◆ WORK REQUEST: Copy the records below exactly, but leave out any picture they contain.

----- MATERIAL PROVIDED -----

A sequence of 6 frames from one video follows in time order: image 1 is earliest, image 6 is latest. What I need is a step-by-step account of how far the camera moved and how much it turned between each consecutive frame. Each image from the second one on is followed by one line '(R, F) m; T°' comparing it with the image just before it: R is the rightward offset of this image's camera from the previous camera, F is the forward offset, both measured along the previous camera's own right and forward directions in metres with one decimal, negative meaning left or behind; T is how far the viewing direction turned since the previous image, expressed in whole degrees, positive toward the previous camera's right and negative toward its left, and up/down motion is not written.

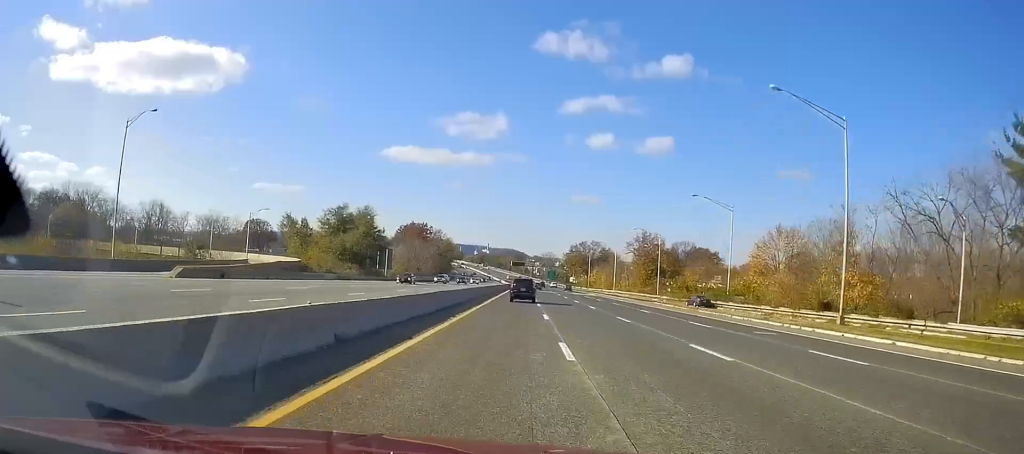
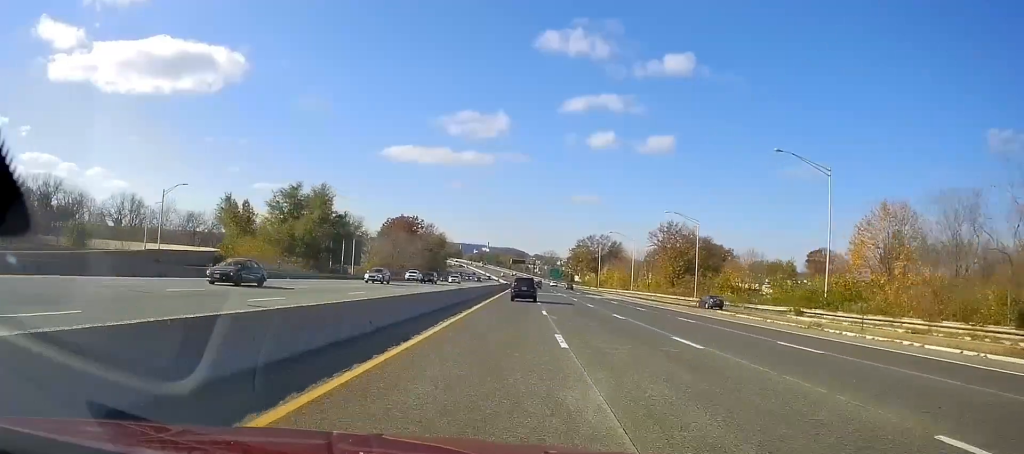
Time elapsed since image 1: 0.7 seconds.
(-0.2, +24.1) m; 0°
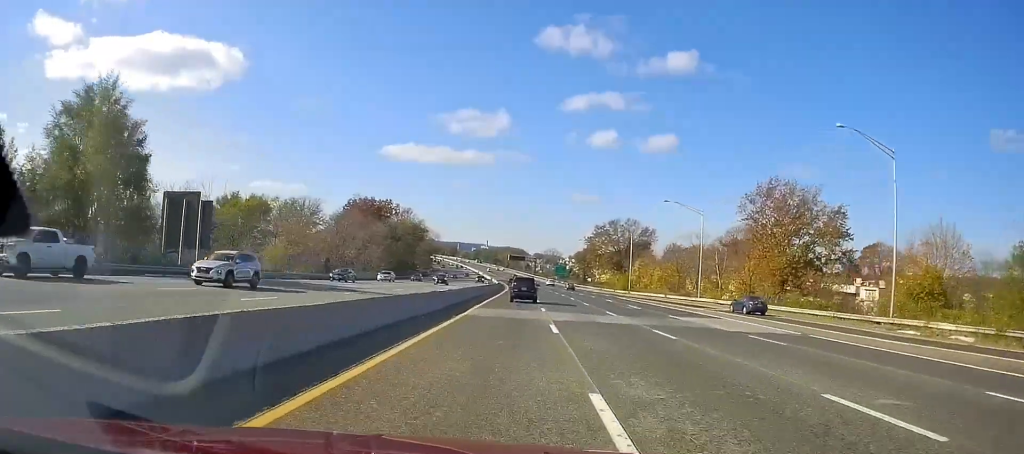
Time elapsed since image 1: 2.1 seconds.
(+0.2, +48.9) m; 0°
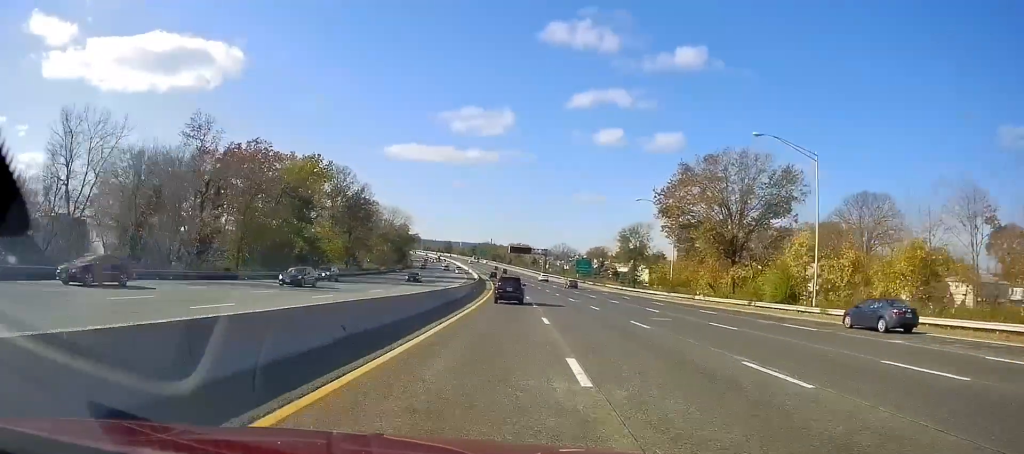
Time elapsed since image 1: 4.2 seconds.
(-1.1, +74.5) m; 0°
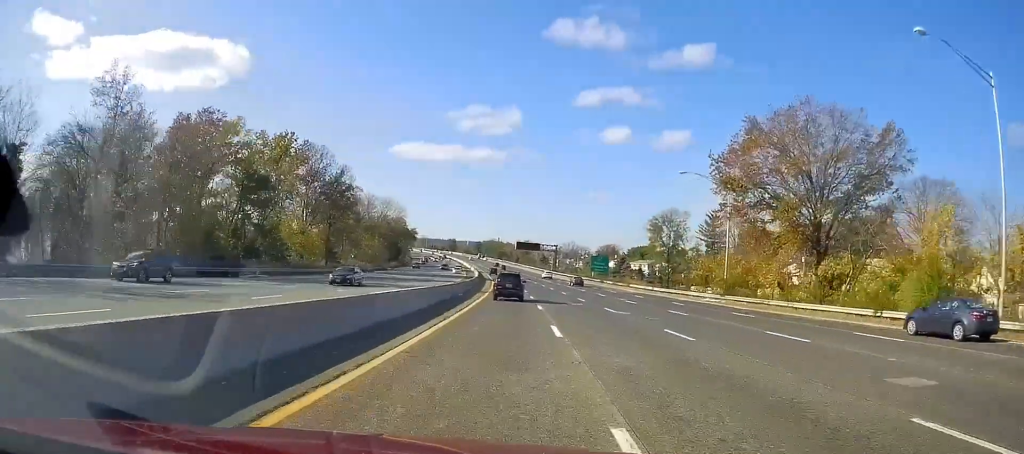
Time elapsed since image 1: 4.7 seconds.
(+0.3, +19.3) m; 0°
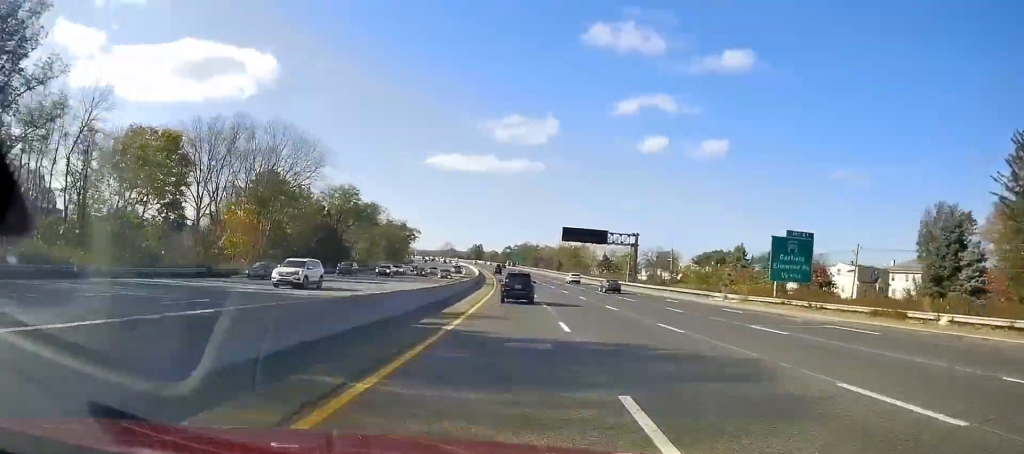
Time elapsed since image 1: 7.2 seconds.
(-3.1, +90.5) m; -4°
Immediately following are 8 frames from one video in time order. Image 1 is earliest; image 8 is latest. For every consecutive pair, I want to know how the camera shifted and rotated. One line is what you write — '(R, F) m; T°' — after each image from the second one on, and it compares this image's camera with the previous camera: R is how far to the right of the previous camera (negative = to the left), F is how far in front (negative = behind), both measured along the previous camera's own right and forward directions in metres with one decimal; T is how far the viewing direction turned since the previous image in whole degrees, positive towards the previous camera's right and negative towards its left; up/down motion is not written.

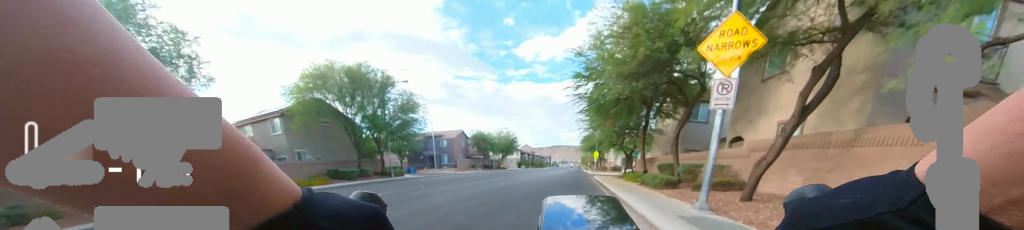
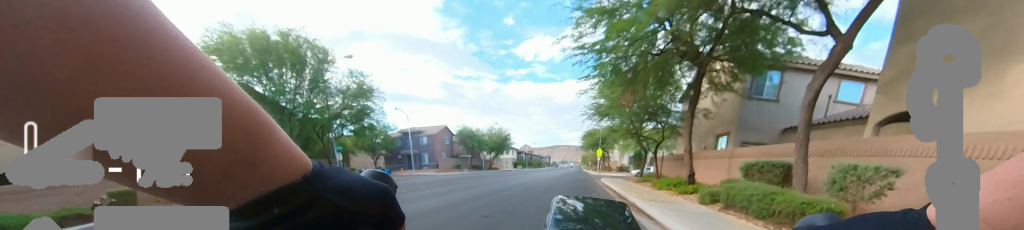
(-0.4, +7.6) m; -6°
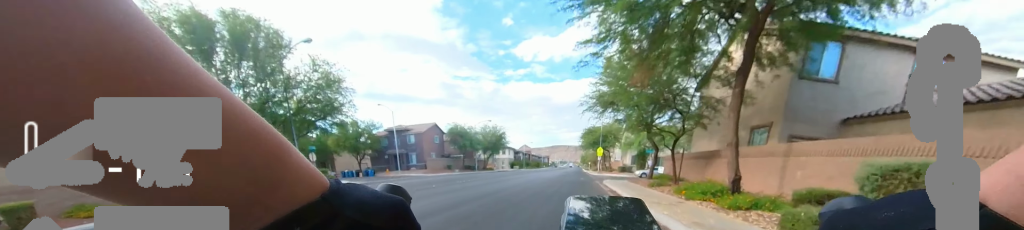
(-0.1, +3.6) m; -2°
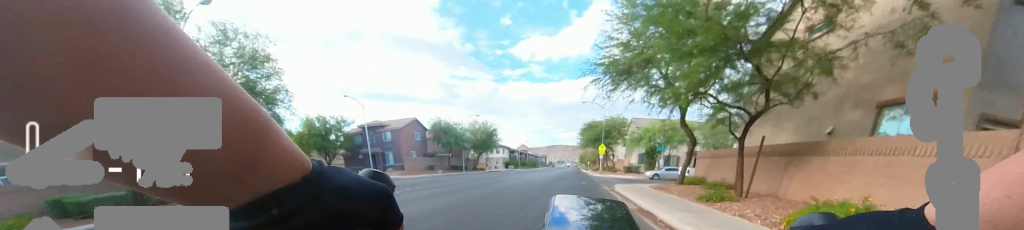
(-0.1, +6.0) m; -1°
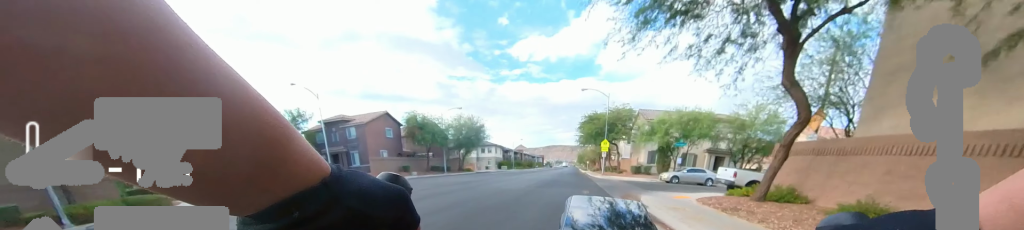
(0.0, +6.6) m; 0°
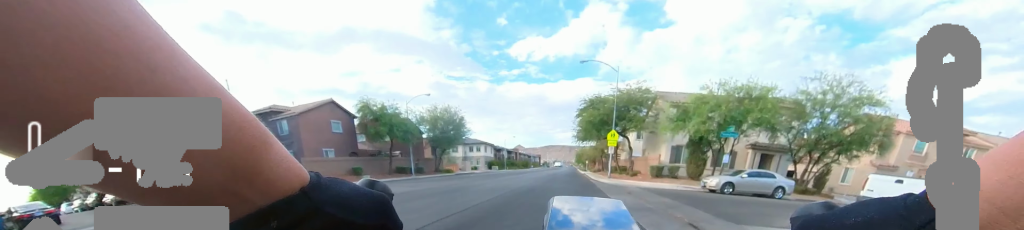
(0.0, +9.1) m; 0°
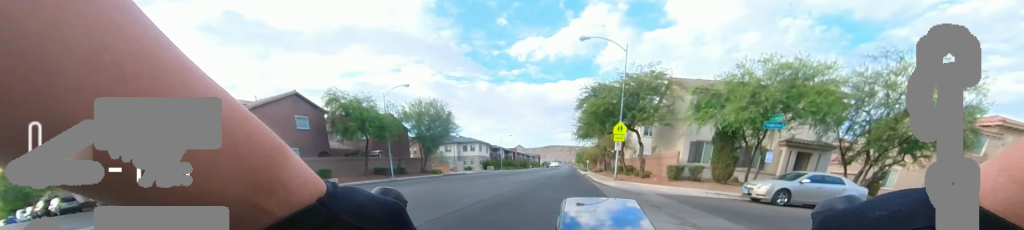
(0.0, +4.3) m; 0°
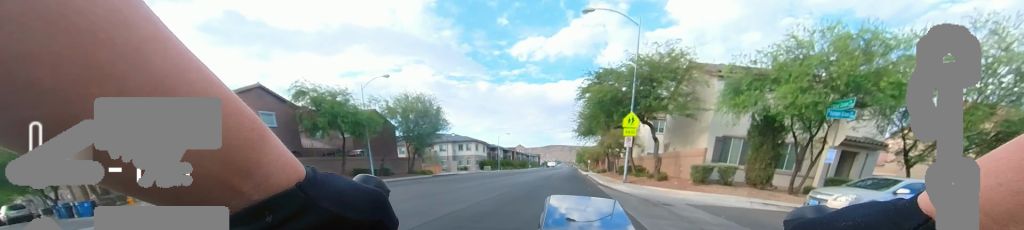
(0.0, +3.6) m; 0°

-----

◆ WRITTEN REPLY:
A sequence of 6 frames from one video follows in time order: image 1 is earliest, image 6 is latest. What I need is a step-by-step account of how far the camera moved and how much it turned between each consecutive frame. Each image from the second one on is followed by one line '(R, F) m; T°' comparing it with the image just before it: R is the rightward offset of this image's camera from the previous camera, F is the forward offset, both measured along the previous camera's own right and forward directions in metres with one decimal, negative meaning left or behind; T is how far the viewing direction turned since the previous image, expressed in whole degrees, positive toward the previous camera's right and negative toward its left, and up/down motion is not written.

Time elapsed since image 1: 0.7 seconds.
(-0.2, +24.1) m; 0°
Time elapsed since image 1: 2.1 seconds.
(+0.2, +48.9) m; 0°
Time elapsed since image 1: 4.2 seconds.
(-1.1, +74.5) m; 0°
Time elapsed since image 1: 4.7 seconds.
(+0.3, +19.3) m; 0°
Time elapsed since image 1: 7.2 seconds.
(-3.1, +90.5) m; -4°
Immediately following are 8 frames from one video in time order. Image 1 is earliest; image 8 is latest. For every consecutive pair, I want to know how the camera shifted and rotated. One line is what you write — '(R, F) m; T°' — after each image from the second one on, and it compares this image's camera with the previous camera: R is how far to the right of the previous camera (negative = to the left), F is how far in front (negative = behind), both measured along the previous camera's own right and forward directions in metres with one decimal; T is how far the viewing direction turned since the previous image in whole degrees, positive towards the previous camera's right and negative towards its left; up/down motion is not written.

(-0.4, +7.6) m; -6°
(-0.1, +3.6) m; -2°
(-0.1, +6.0) m; -1°
(0.0, +6.6) m; 0°
(0.0, +9.1) m; 0°
(0.0, +4.3) m; 0°
(0.0, +3.6) m; 0°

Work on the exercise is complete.